(Stored items)

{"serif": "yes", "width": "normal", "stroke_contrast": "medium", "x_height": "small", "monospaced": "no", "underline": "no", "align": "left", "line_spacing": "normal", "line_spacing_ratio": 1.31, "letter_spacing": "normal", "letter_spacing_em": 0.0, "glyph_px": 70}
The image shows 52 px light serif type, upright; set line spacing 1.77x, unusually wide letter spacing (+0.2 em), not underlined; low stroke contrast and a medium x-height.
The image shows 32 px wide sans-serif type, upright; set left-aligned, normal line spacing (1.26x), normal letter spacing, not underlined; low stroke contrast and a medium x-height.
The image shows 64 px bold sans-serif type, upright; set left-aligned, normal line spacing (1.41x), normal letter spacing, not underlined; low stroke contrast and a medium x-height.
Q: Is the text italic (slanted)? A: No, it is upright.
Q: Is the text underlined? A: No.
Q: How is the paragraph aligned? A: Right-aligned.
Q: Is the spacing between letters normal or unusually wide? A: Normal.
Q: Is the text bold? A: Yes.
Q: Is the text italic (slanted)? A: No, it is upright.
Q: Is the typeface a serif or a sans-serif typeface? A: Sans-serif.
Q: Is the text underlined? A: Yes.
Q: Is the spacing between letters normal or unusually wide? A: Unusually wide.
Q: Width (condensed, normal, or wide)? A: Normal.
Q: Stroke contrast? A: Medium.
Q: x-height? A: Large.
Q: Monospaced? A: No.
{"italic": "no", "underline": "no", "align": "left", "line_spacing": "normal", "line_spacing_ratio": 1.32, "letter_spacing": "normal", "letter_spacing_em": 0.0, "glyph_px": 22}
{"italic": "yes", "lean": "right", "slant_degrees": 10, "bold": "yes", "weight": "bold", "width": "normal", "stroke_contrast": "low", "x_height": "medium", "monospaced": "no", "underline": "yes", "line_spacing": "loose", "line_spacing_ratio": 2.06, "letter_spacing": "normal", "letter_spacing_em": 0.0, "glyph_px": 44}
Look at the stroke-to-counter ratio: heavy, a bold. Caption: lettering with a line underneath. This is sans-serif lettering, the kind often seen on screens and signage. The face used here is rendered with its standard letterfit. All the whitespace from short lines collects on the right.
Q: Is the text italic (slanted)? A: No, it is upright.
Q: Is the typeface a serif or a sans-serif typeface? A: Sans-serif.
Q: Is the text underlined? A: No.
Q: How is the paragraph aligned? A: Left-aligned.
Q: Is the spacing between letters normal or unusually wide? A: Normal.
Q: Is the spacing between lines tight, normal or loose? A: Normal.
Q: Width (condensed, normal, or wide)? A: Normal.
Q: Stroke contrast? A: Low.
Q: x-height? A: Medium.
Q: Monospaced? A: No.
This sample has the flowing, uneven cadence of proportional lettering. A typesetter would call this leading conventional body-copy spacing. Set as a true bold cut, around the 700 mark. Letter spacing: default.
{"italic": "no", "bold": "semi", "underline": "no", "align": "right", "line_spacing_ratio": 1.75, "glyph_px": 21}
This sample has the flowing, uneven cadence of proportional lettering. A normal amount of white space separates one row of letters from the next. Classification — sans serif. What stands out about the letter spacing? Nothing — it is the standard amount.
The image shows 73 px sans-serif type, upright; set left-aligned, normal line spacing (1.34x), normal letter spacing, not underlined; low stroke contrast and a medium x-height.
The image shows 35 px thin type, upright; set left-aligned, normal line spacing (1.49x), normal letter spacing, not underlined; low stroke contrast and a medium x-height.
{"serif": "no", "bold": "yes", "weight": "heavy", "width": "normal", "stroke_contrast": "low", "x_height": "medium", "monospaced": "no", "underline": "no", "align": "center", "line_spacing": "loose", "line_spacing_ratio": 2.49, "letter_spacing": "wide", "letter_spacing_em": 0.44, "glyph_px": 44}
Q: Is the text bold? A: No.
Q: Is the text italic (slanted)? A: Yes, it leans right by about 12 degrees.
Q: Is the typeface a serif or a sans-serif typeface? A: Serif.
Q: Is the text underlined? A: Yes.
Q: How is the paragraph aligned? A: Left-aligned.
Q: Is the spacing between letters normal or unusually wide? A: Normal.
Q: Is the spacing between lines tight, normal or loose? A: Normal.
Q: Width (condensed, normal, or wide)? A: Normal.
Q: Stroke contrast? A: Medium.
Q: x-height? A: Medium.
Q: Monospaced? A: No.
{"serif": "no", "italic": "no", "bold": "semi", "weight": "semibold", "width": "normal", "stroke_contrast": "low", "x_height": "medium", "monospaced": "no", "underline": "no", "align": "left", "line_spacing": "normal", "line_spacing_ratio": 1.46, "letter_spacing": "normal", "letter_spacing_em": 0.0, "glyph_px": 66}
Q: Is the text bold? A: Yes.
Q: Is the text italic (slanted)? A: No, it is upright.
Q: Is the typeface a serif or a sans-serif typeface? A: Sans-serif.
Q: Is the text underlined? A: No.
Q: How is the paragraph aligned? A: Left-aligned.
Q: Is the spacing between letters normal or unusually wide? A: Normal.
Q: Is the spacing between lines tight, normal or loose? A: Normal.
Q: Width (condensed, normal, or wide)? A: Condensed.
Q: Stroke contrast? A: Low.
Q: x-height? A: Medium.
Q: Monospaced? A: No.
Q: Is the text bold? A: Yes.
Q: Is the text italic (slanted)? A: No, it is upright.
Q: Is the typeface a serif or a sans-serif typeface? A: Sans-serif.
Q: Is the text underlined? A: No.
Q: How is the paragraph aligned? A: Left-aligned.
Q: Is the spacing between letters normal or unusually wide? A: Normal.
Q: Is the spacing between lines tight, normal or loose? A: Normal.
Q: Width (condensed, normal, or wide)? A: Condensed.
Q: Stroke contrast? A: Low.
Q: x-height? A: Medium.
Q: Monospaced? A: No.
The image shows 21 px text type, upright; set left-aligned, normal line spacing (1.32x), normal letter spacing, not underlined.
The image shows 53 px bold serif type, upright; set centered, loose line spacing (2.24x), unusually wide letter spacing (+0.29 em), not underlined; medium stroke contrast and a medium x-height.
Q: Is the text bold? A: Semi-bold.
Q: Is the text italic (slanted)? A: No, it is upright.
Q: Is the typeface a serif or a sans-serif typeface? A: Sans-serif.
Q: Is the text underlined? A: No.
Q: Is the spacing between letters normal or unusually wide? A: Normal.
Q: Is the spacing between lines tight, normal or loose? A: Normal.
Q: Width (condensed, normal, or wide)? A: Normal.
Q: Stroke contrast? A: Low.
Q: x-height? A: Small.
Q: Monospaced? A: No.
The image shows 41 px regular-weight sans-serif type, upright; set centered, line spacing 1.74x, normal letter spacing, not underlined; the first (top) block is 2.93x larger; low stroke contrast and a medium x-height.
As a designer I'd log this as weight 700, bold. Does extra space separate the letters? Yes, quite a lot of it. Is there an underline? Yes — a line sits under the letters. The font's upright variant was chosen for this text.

*WHAT YOU WILL DO*:
Please print the data above exactly as it appears.

*WRITTEN ANSWER*:
{"serif": "yes", "width": "normal", "stroke_contrast": "medium", "x_height": "small", "monospaced": "no", "underline": "no", "align": "left", "line_spacing": "normal", "line_spacing_ratio": 1.31, "letter_spacing": "normal", "letter_spacing_em": 0.0, "glyph_px": 70}
The image shows 52 px light serif type, upright; set line spacing 1.77x, unusually wide letter spacing (+0.2 em), not underlined; low stroke contrast and a medium x-height.
The image shows 32 px wide sans-serif type, upright; set left-aligned, normal line spacing (1.26x), normal letter spacing, not underlined; low stroke contrast and a medium x-height.
The image shows 64 px bold sans-serif type, upright; set left-aligned, normal line spacing (1.41x), normal letter spacing, not underlined; low stroke contrast and a medium x-height.
Q: Is the text italic (slanted)? A: No, it is upright.
Q: Is the text underlined? A: No.
Q: How is the paragraph aligned? A: Right-aligned.
Q: Is the spacing between letters normal or unusually wide? A: Normal.
Q: Is the text bold? A: Yes.
Q: Is the text italic (slanted)? A: No, it is upright.
Q: Is the typeface a serif or a sans-serif typeface? A: Sans-serif.
Q: Is the text underlined? A: Yes.
Q: Is the spacing between letters normal or unusually wide? A: Unusually wide.
Q: Width (condensed, normal, or wide)? A: Normal.
Q: Stroke contrast? A: Medium.
Q: x-height? A: Large.
Q: Monospaced? A: No.
{"italic": "no", "underline": "no", "align": "left", "line_spacing": "normal", "line_spacing_ratio": 1.32, "letter_spacing": "normal", "letter_spacing_em": 0.0, "glyph_px": 22}
{"italic": "yes", "lean": "right", "slant_degrees": 10, "bold": "yes", "weight": "bold", "width": "normal", "stroke_contrast": "low", "x_height": "medium", "monospaced": "no", "underline": "yes", "line_spacing": "loose", "line_spacing_ratio": 2.06, "letter_spacing": "normal", "letter_spacing_em": 0.0, "glyph_px": 44}
Look at the stroke-to-counter ratio: heavy, a bold. Caption: lettering with a line underneath. This is sans-serif lettering, the kind often seen on screens and signage. The face used here is rendered with its standard letterfit. All the whitespace from short lines collects on the right.
Q: Is the text italic (slanted)? A: No, it is upright.
Q: Is the typeface a serif or a sans-serif typeface? A: Sans-serif.
Q: Is the text underlined? A: No.
Q: How is the paragraph aligned? A: Left-aligned.
Q: Is the spacing between letters normal or unusually wide? A: Normal.
Q: Is the spacing between lines tight, normal or loose? A: Normal.
Q: Width (condensed, normal, or wide)? A: Normal.
Q: Stroke contrast? A: Low.
Q: x-height? A: Medium.
Q: Monospaced? A: No.
This sample has the flowing, uneven cadence of proportional lettering. A typesetter would call this leading conventional body-copy spacing. Set as a true bold cut, around the 700 mark. Letter spacing: default.
{"italic": "no", "bold": "semi", "underline": "no", "align": "right", "line_spacing_ratio": 1.75, "glyph_px": 21}
This sample has the flowing, uneven cadence of proportional lettering. A normal amount of white space separates one row of letters from the next. Classification — sans serif. What stands out about the letter spacing? Nothing — it is the standard amount.
The image shows 73 px sans-serif type, upright; set left-aligned, normal line spacing (1.34x), normal letter spacing, not underlined; low stroke contrast and a medium x-height.
The image shows 35 px thin type, upright; set left-aligned, normal line spacing (1.49x), normal letter spacing, not underlined; low stroke contrast and a medium x-height.
{"serif": "no", "bold": "yes", "weight": "heavy", "width": "normal", "stroke_contrast": "low", "x_height": "medium", "monospaced": "no", "underline": "no", "align": "center", "line_spacing": "loose", "line_spacing_ratio": 2.49, "letter_spacing": "wide", "letter_spacing_em": 0.44, "glyph_px": 44}
Q: Is the text bold? A: No.
Q: Is the text italic (slanted)? A: Yes, it leans right by about 12 degrees.
Q: Is the typeface a serif or a sans-serif typeface? A: Serif.
Q: Is the text underlined? A: Yes.
Q: How is the paragraph aligned? A: Left-aligned.
Q: Is the spacing between letters normal or unusually wide? A: Normal.
Q: Is the spacing between lines tight, normal or loose? A: Normal.
Q: Width (condensed, normal, or wide)? A: Normal.
Q: Stroke contrast? A: Medium.
Q: x-height? A: Medium.
Q: Monospaced? A: No.
{"serif": "no", "italic": "no", "bold": "semi", "weight": "semibold", "width": "normal", "stroke_contrast": "low", "x_height": "medium", "monospaced": "no", "underline": "no", "align": "left", "line_spacing": "normal", "line_spacing_ratio": 1.46, "letter_spacing": "normal", "letter_spacing_em": 0.0, "glyph_px": 66}
Q: Is the text bold? A: Yes.
Q: Is the text italic (slanted)? A: No, it is upright.
Q: Is the typeface a serif or a sans-serif typeface? A: Sans-serif.
Q: Is the text underlined? A: No.
Q: How is the paragraph aligned? A: Left-aligned.
Q: Is the spacing between letters normal or unusually wide? A: Normal.
Q: Is the spacing between lines tight, normal or loose? A: Normal.
Q: Width (condensed, normal, or wide)? A: Condensed.
Q: Stroke contrast? A: Low.
Q: x-height? A: Medium.
Q: Monospaced? A: No.
Q: Is the text bold? A: Yes.
Q: Is the text italic (slanted)? A: No, it is upright.
Q: Is the typeface a serif or a sans-serif typeface? A: Sans-serif.
Q: Is the text underlined? A: No.
Q: How is the paragraph aligned? A: Left-aligned.
Q: Is the spacing between letters normal or unusually wide? A: Normal.
Q: Is the spacing between lines tight, normal or loose? A: Normal.
Q: Width (condensed, normal, or wide)? A: Condensed.
Q: Stroke contrast? A: Low.
Q: x-height? A: Medium.
Q: Monospaced? A: No.
The image shows 21 px text type, upright; set left-aligned, normal line spacing (1.32x), normal letter spacing, not underlined.
The image shows 53 px bold serif type, upright; set centered, loose line spacing (2.24x), unusually wide letter spacing (+0.29 em), not underlined; medium stroke contrast and a medium x-height.
Q: Is the text bold? A: Semi-bold.
Q: Is the text italic (slanted)? A: No, it is upright.
Q: Is the typeface a serif or a sans-serif typeface? A: Sans-serif.
Q: Is the text underlined? A: No.
Q: Is the spacing between letters normal or unusually wide? A: Normal.
Q: Is the spacing between lines tight, normal or loose? A: Normal.
Q: Width (condensed, normal, or wide)? A: Normal.
Q: Stroke contrast? A: Low.
Q: x-height? A: Small.
Q: Monospaced? A: No.
The image shows 41 px regular-weight sans-serif type, upright; set centered, line spacing 1.74x, normal letter spacing, not underlined; the first (top) block is 2.93x larger; low stroke contrast and a medium x-height.
As a designer I'd log this as weight 700, bold. Does extra space separate the letters? Yes, quite a lot of it. Is there an underline? Yes — a line sits under the letters. The font's upright variant was chosen for this text.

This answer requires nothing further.